---------- Input data ----------

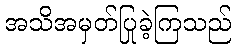
အသိအမှတ်ပြုခဲ့ကြသည်
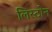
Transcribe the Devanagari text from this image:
लिस्टोन
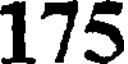
175
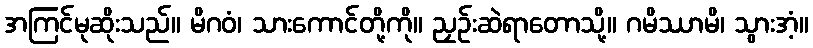
အကြင်မုဆိုးသည်။ မိဂဝံ၊ သားကောင်တို့ကို။ ညှဉ်းဆဲရာတောသို့။ ဂမိဿာမိ၊ သွားအံ့။
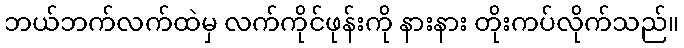
ဘယ်ဘက်လက်ထဲမှ လက်ကိုင်ဖုန်းကို နားနား တိုးကပ်လိုက်သည်။
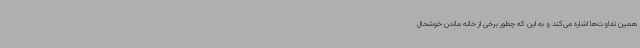
همین تفاوت‌ها اشاره می‌کند و به این که چطور برخی از خانه ماندن خوشحال
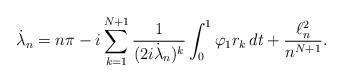
\begin{align*}\dot\lambda_n= n\pi -i\sum_{k=1}^{N+1}\frac{1}{(2i\dot\lambda_n)^k}\int_0^1 \varphi_1r_k\,dt+ \frac{\ell^2_n}{n^{N+1}}.\end{align*}
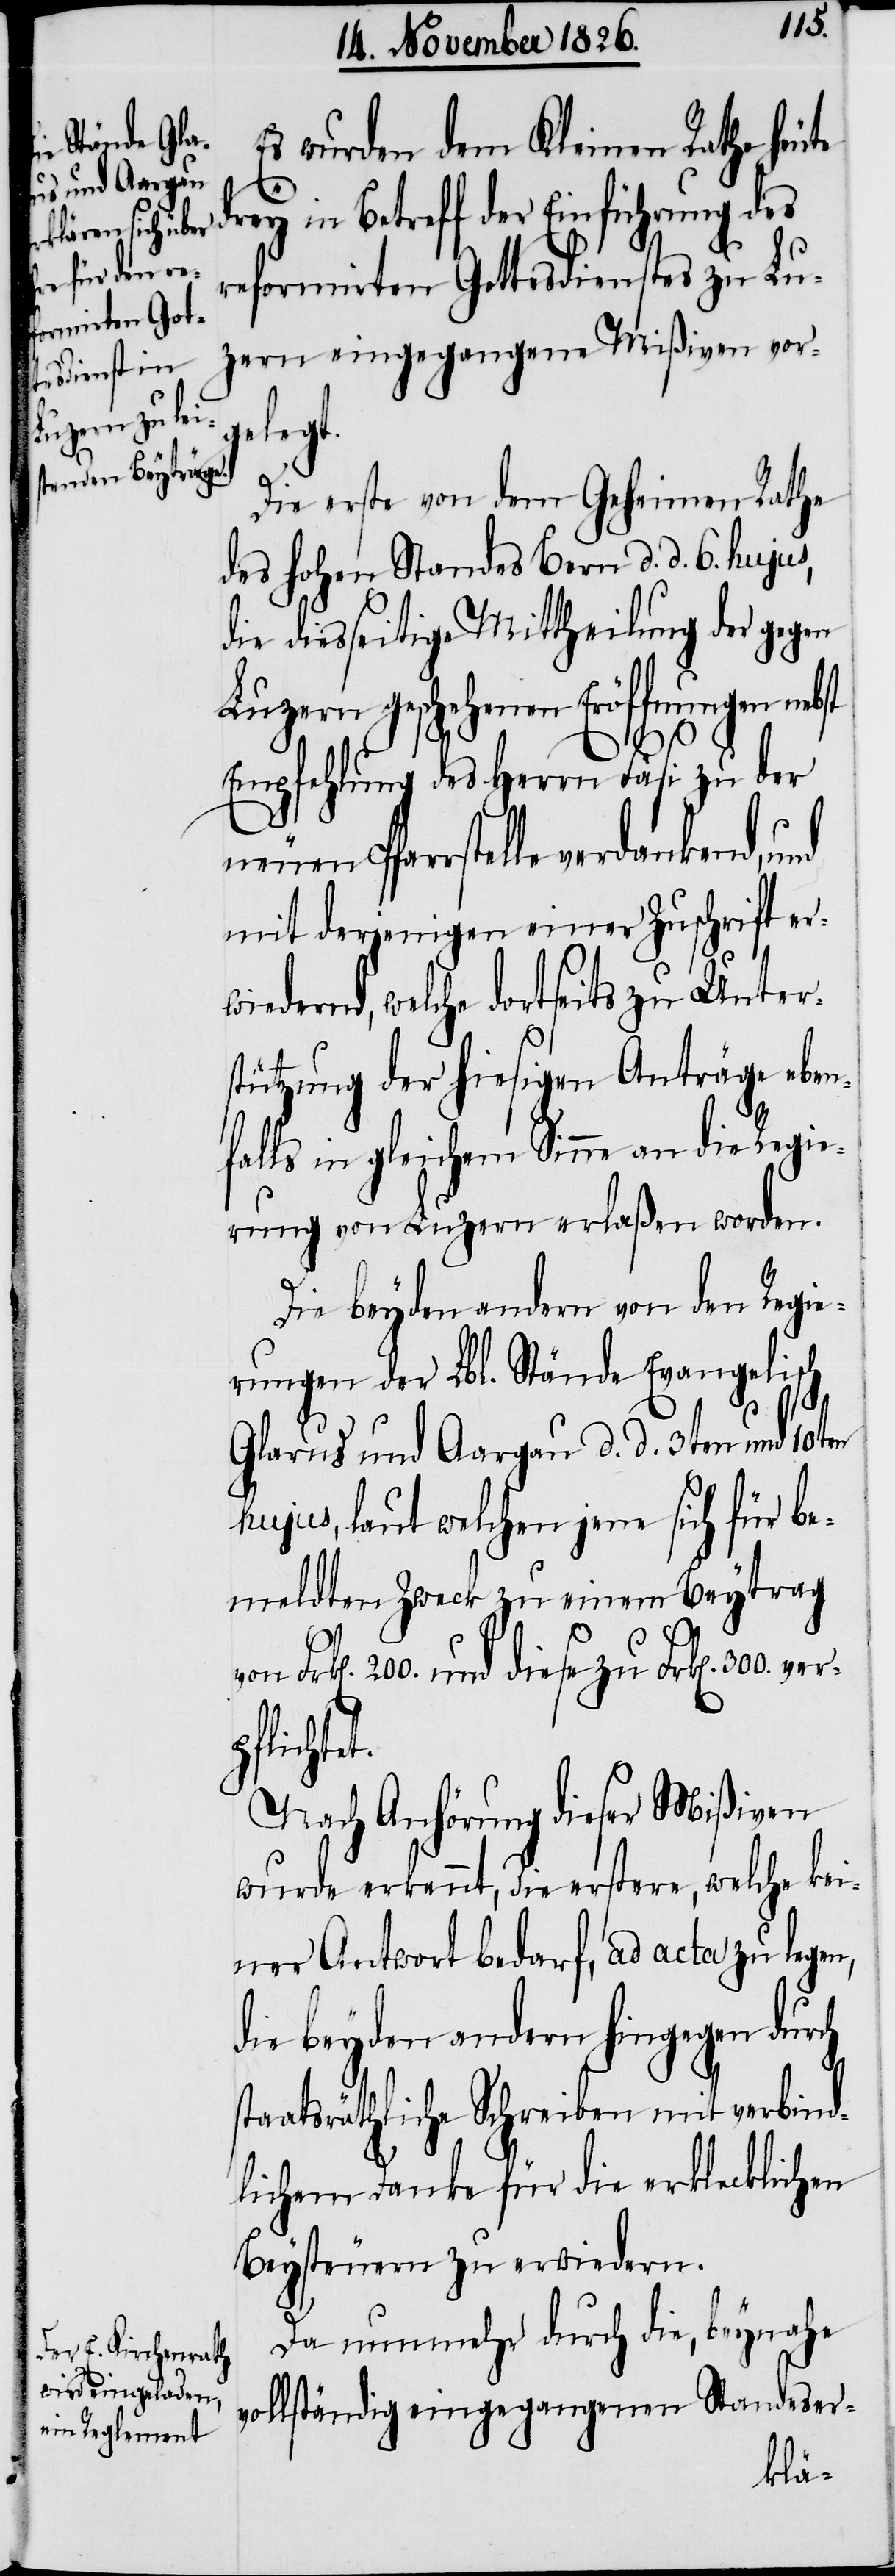
Es wurden dem Kleinen Rathe heute
in Betreff der Einführung des
reformirten Gottesdienstes zu Lu¬
zern eingegangene Mißiven vor¬
geleg¬
n].
Die erste von dem Geheimen Rathe
des hohen Standes Bern d. d. 6. hujus,
die diesseitige Mittheilung der gegen
Luzern geschehenen Eröffnung nebst
ver¬
Empfehlung des Herrn Fäsi zu der
neuen Pfarrstelle verdankend,
mit derjenigen einer Zuschrift erw¬
iedernd, welche dortseits zu Unter¬
stützung der hiesigen Anträge eben¬
falls in gleichem Sinne an die Regie¬
rung von Luzern erlaßen worden.
Die beyden andern von den Regie¬
rungen der Lbl. Stände Evangelisch
Glarus und Aargau d. d. 3ten und 10ten
hujus, laut welchen jene sich für be¬
meldten Zweck zu einem Beytrag
von Frk[en]. 200. und diese zu Frk[e¬
pflichtet.
Nach Anhörung dieser Mißiven
wurde erkennt, die erstere, welche kei¬
ner Antwort bedarf, ad acta zu legen,
die beyden andern hingegen durch
staatsräthliche Schreiben mit verbind¬
lichem Danke für die erklecklichen
Beysteuern zu erwiedern.
Da nunmehr durch die, beynahe
vollständig eingegangenen Standeser-
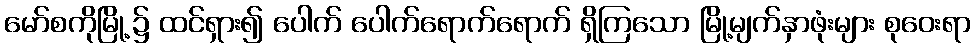
မော်စကိုမြို့၌ ထင်ရှား၍ ပေါက် ပေါက်ရောက်ရောက် ရှိကြသော မြို့မျက်နှာဖုံးများ စုဝေးရာ
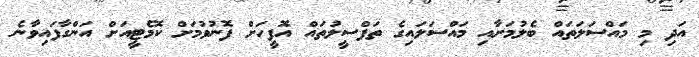
އަދި މި މައްސަލަތައް ބެލުމަށާއި މައްސަލައިގެ ތަފްސީލުތައް އޮފީހަށް ފޮނުވުމަށް ކޮމެޓީއަށް އަންގާފައިވާނެ
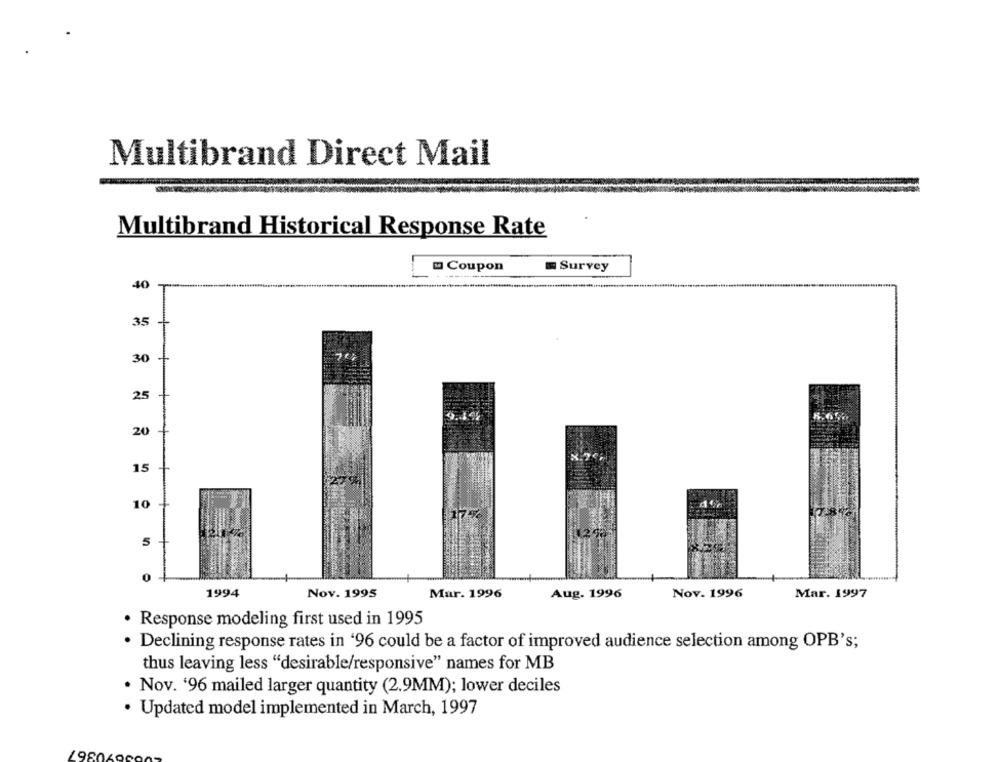
Multibrand Direct Mail
Multibrand Historical Response Rate
- Coupon
Survey
40
35
30
25
20
15
10
5
0
1994
Nov. 1995
Mar. 1996
Aug. 1996
Nov. 1996
Mar. 1997
· Response modeling first used in 1995
· Declining response rates in '96 could be a factor of improved audience selection among OPB's;
thus leaving less "desirable/responsive" names for MB
. Nov. '96 mailed larger quantity (2.9MM); lower deciles
· Updated model implemented in March, 1997
190
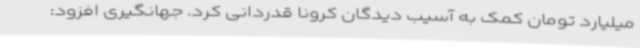
میلیارد تومان کمک به آسیب دیدگان کرونا قدردانی کرد. جهانگیری افزود:
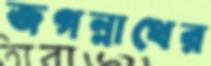
জগন্নাথের
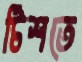
টিশতে
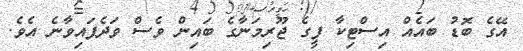
އޭގެ ބޮޑު ބައެއް އިސްޓިކާ ފީގެ ޖޫރިމަނާގެ ބައިން ވެސް ވަދެފައިވާނެ އެވެ.
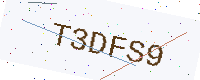
Text: T3DFS9
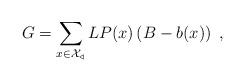
LaTeX: \begin{align*}G = \sum_{x \in \mathcal{X}_{\triangleleft}} L P(x) \left(B - b(x)\right) \ ,\end{align*}
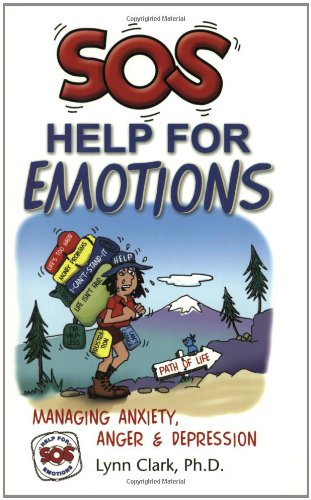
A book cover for SOS Help for Emotions: Managing Anxiety, Anger, and Depression (Revised 2014); Lynn Clark; Health, Fitness & Dieting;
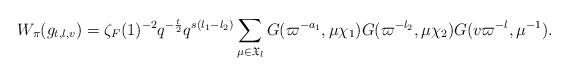
LaTeX: \begin{align*}W_{\pi}(g_{t,l,v}) = \zeta_F(1)^{-2} q^{-\frac{t}{2}} q^{s(l_1-l_2)} \sum_{\mu\in \mathfrak{X}_l} G(\varpi^{-a_1},\mu\chi_1)G(\varpi^{-l_2},\mu\chi_2)G(v\varpi^{-l}, \mu^{-1}). \end{align*}
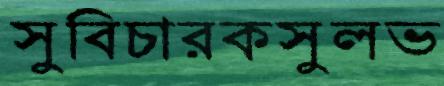
সুবিচারকসুলভ
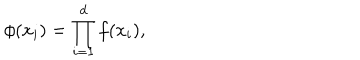
LaTeX: \phi ( x _ { i } ) = \prod _ { i = 1 } ^ { d } f ( x _ { i } ) ,
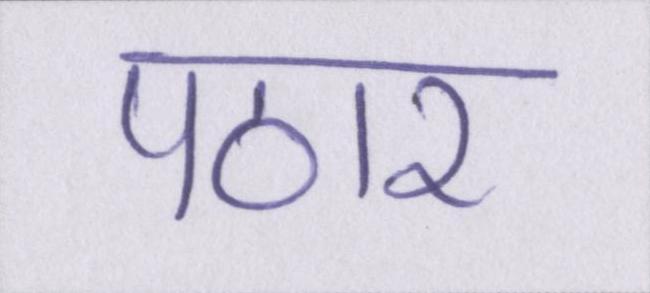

----------

▸ Task item
Filter the records above, keeping each line that contains the word "Multibrand".

▸ Your response
Multibrand Direct Mail
Multibrand Historical Response Rate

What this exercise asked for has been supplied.